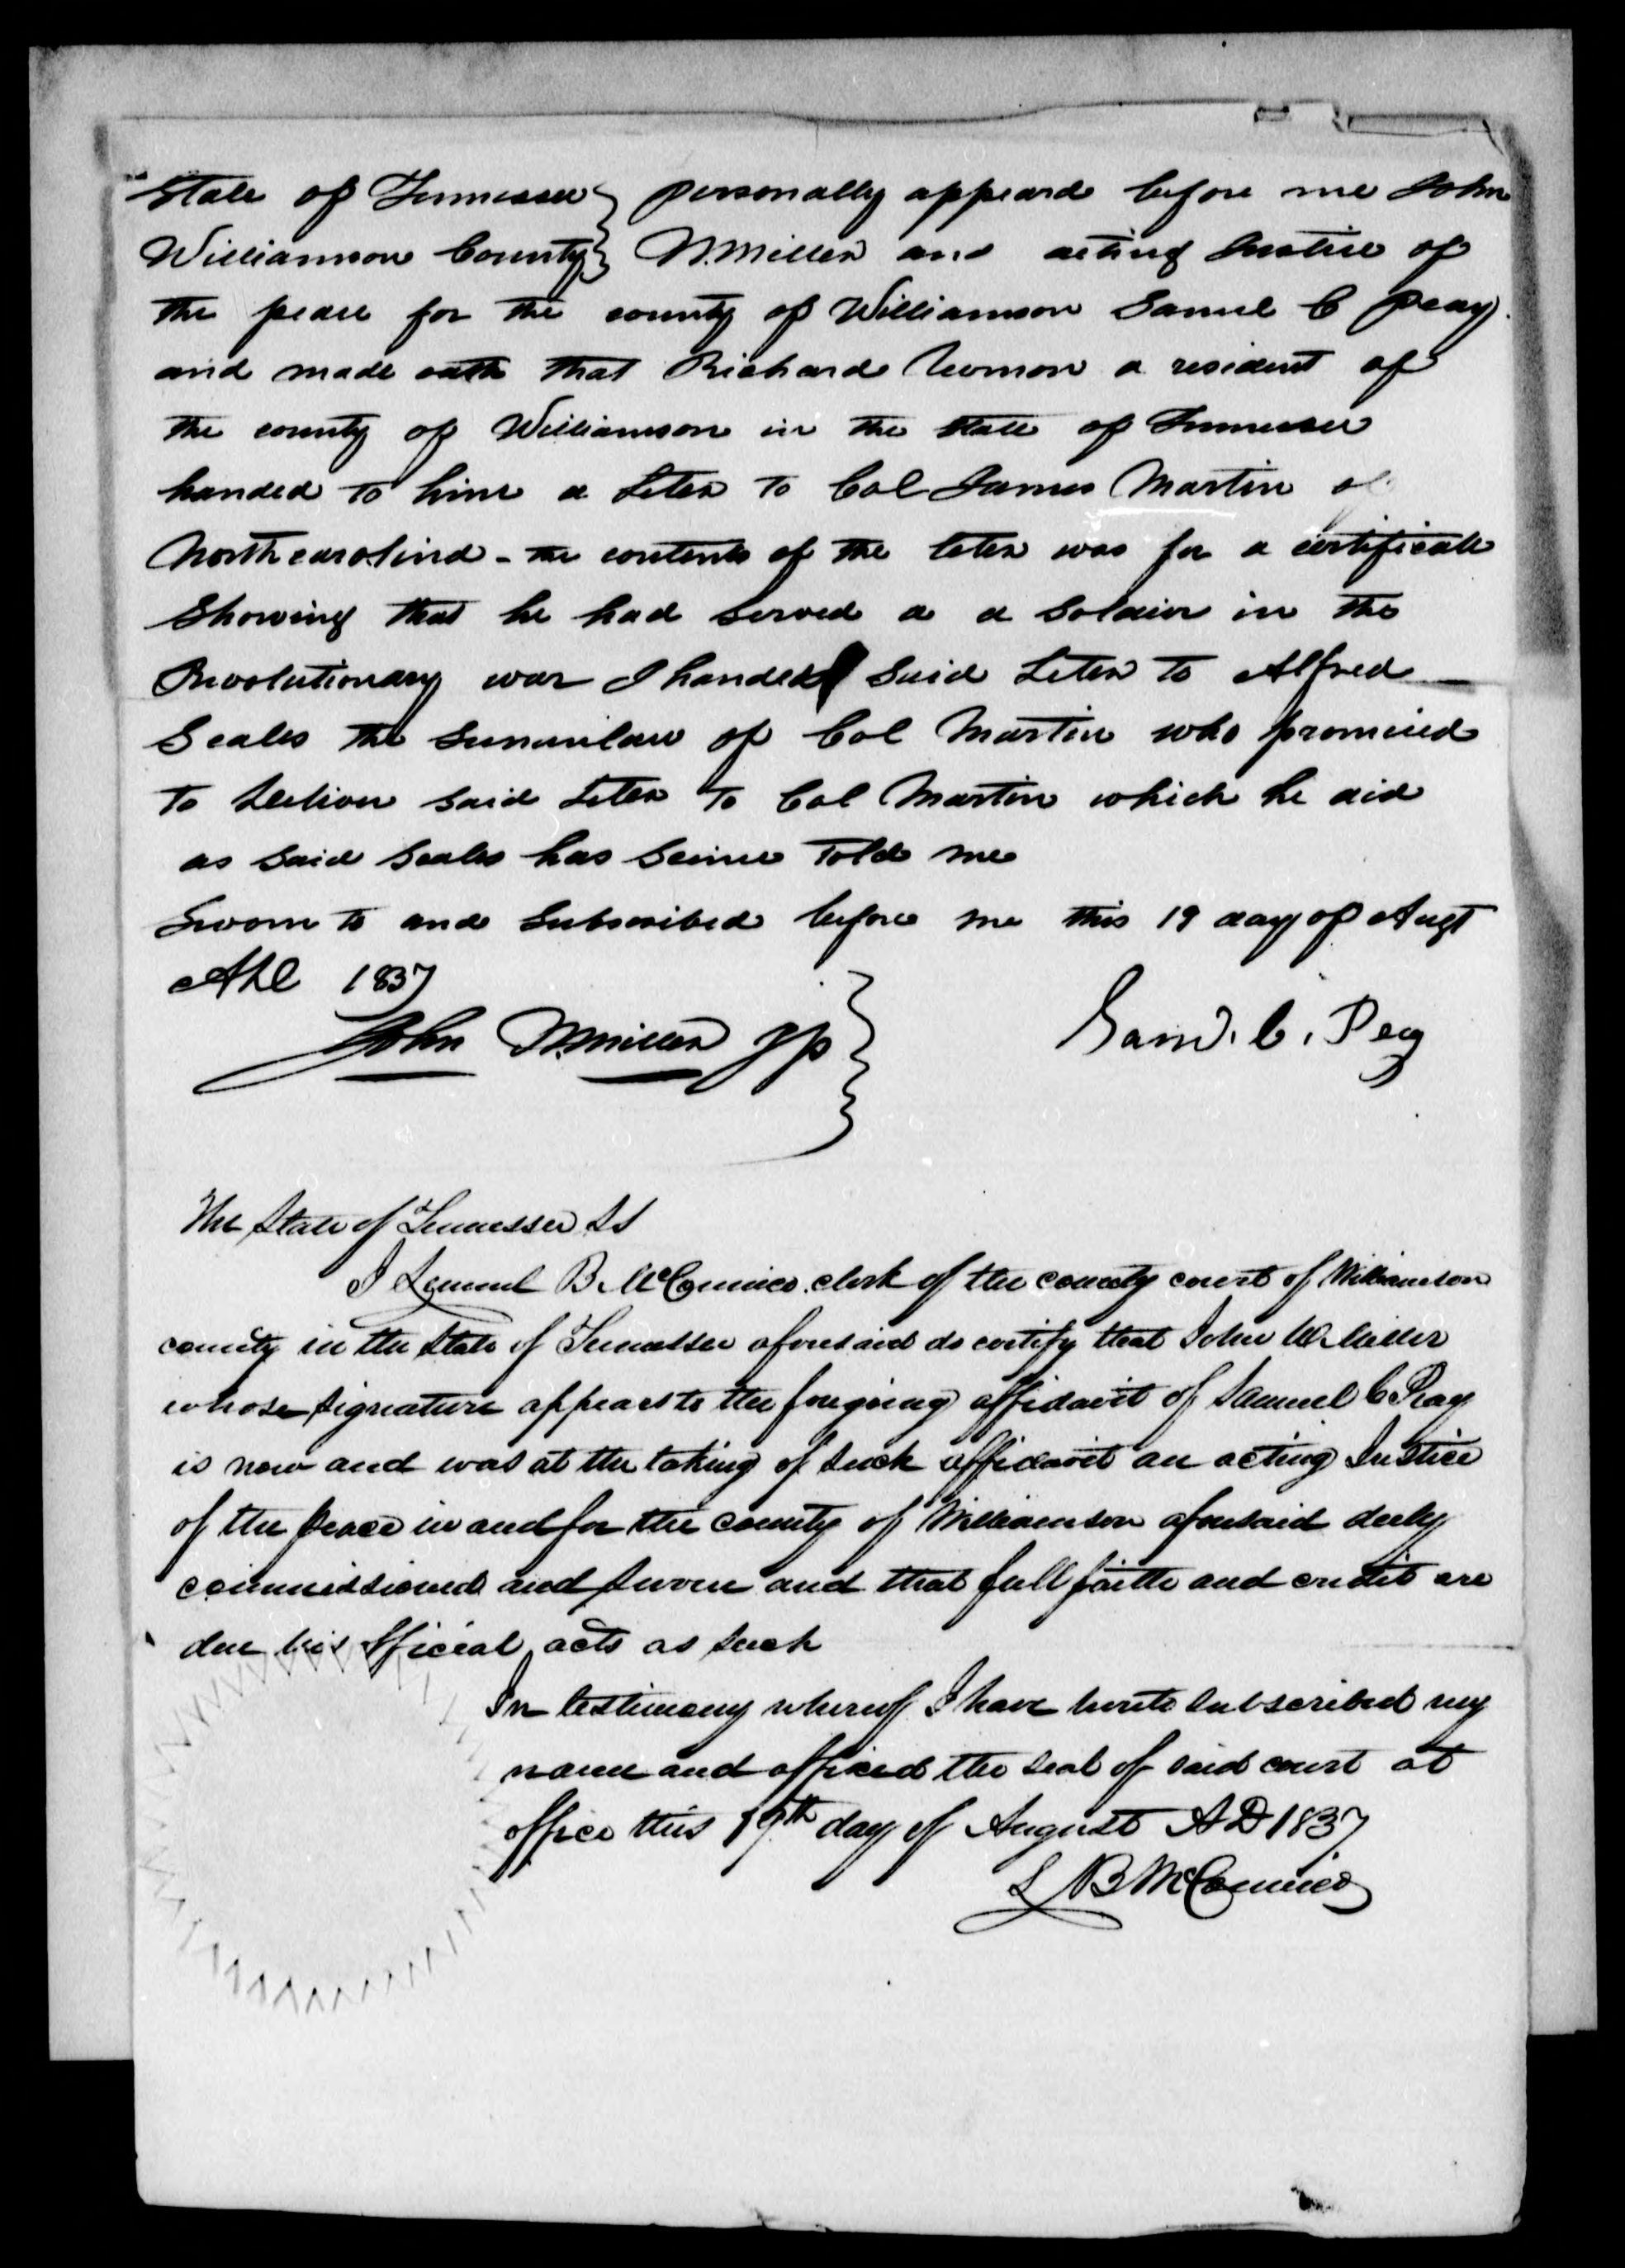State of Tennessee}
Williamson County}

Personally appeared John W. Miller and acting Justice of the Peace in and for the county of Williamson Saml C. Peay and made oath that Richard Vernon a resident of the county of Williamson in the State of Tennessee handed to him a Leter to Col. James Martin of North Carolina – the contents of the leter was for a certificate Showing that he had served as a Soldier in the Revolutionary war I handed Said Leter to Alfred Scales the soninlaw of Col Martin who promised to deliver Said Leter to Col Martin which he did as Said Scales has since told me.
Sworn to and Subscribed before me this 19 day of Augt AD 1837
John W. Miller JP} Sam. C. Peay

The State of Tennessee SS
I Lemuel B. McConnico clerk of the county court of Williamson county in the State of Tennessee aforesaid do certify that John W. Miller whose signature appears to the foregoing affidavit of Samuel C Peay is now and was at the taking of Such affidavit an acting Justice of the Peace in and for the county of Williamson aforesaid duly commissioner and Sworn and that full faith and credit are due his official acts as such
In testimony whereof I have hereto subscribed my name and affixed the seal of said court at office this 19th day of August AD 1837
L. B. McConnico

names: Samuel C Peay, John W Miller, L B Mc Connico, Martin, Saml C Peay, John W Miller, Richard Vernon, Lemuel B Mc Connico, Martin, John W Miller, Samel C Peay, Alfred Scales, James Martin
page: 98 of 105
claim: survivor's
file: S. 1883, Richard Vernon, N.C.
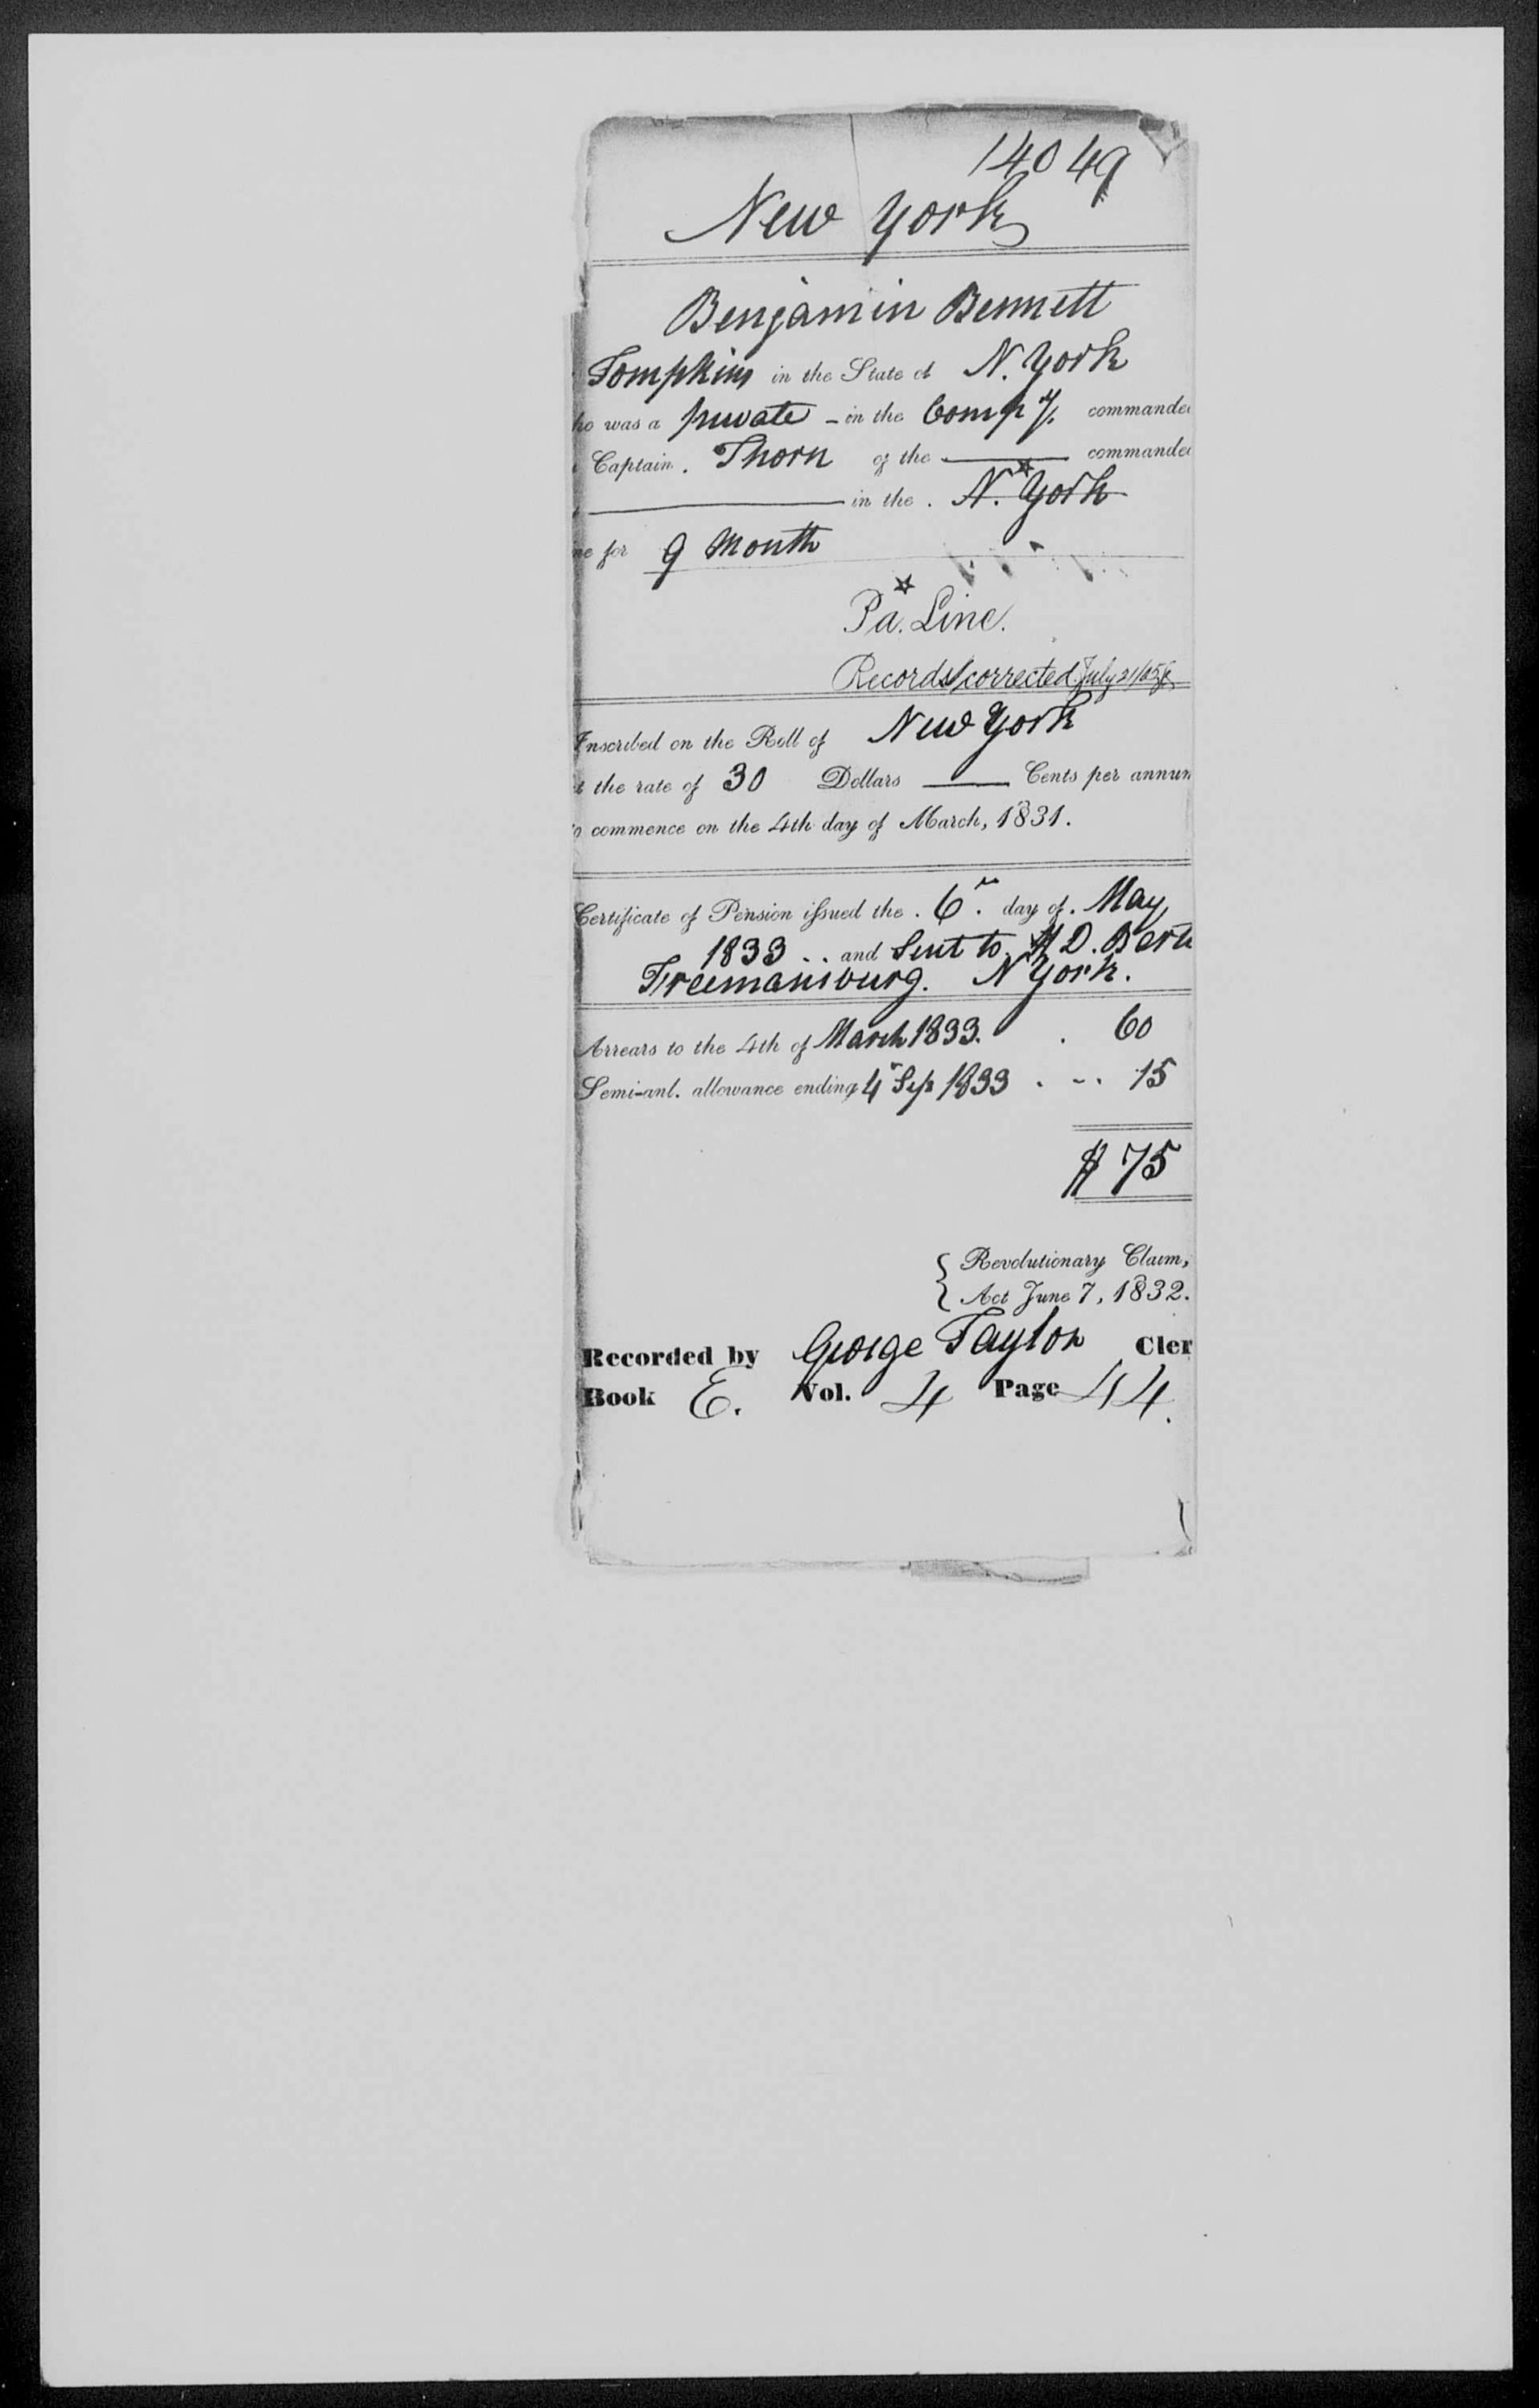[printed form with hand written responses] 
14049 New York
=============== 
Benjamin Bennett
Tompkins in the State of N. York who was a private in the Compy. commanded Captain. Thorn of the ----- commanded ----- in the [N.* York -- crossed out] line for 9 month * Pa. Line. Records corrected July 21/05 JK
=============== 
Inscribed on the Roll of New York at the rate of 30 Dollars --- Cents per annum to commence on the 4th day of March, 1831.
=============== 
Certificate of Pension issued the 6th. day of May 1833 . . and sent to H D. Berk Freemansburg. N York.
=============== 
Arrears to the 4th of March 1833.  60
Semi-anl. allowance ending 4th Sep 1833 15
=====
$ 75
=====
{Revolutionary Claim, Act June 7, 1832.
Recorded by George Taylor Clerk 
Book E. Vol. 4 Page 44.

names: Thorn, H D Berto, Benjamin Bennett, George Taylor
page: 2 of 16
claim: survivor's
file: S. 12175, Benjamin Bennett, Penn.

· · ·

Set down no line except those from the one with "Book E. Vol. 4 Page 44." to the last line of the data, inclusive, each exactly as written.

Book E. Vol. 4 Page 44.

names: Thorn, H D Berto, Benjamin Bennett, George Taylor
page: 2 of 16
claim: survivor's
file: S. 12175, Benjamin Bennett, Penn.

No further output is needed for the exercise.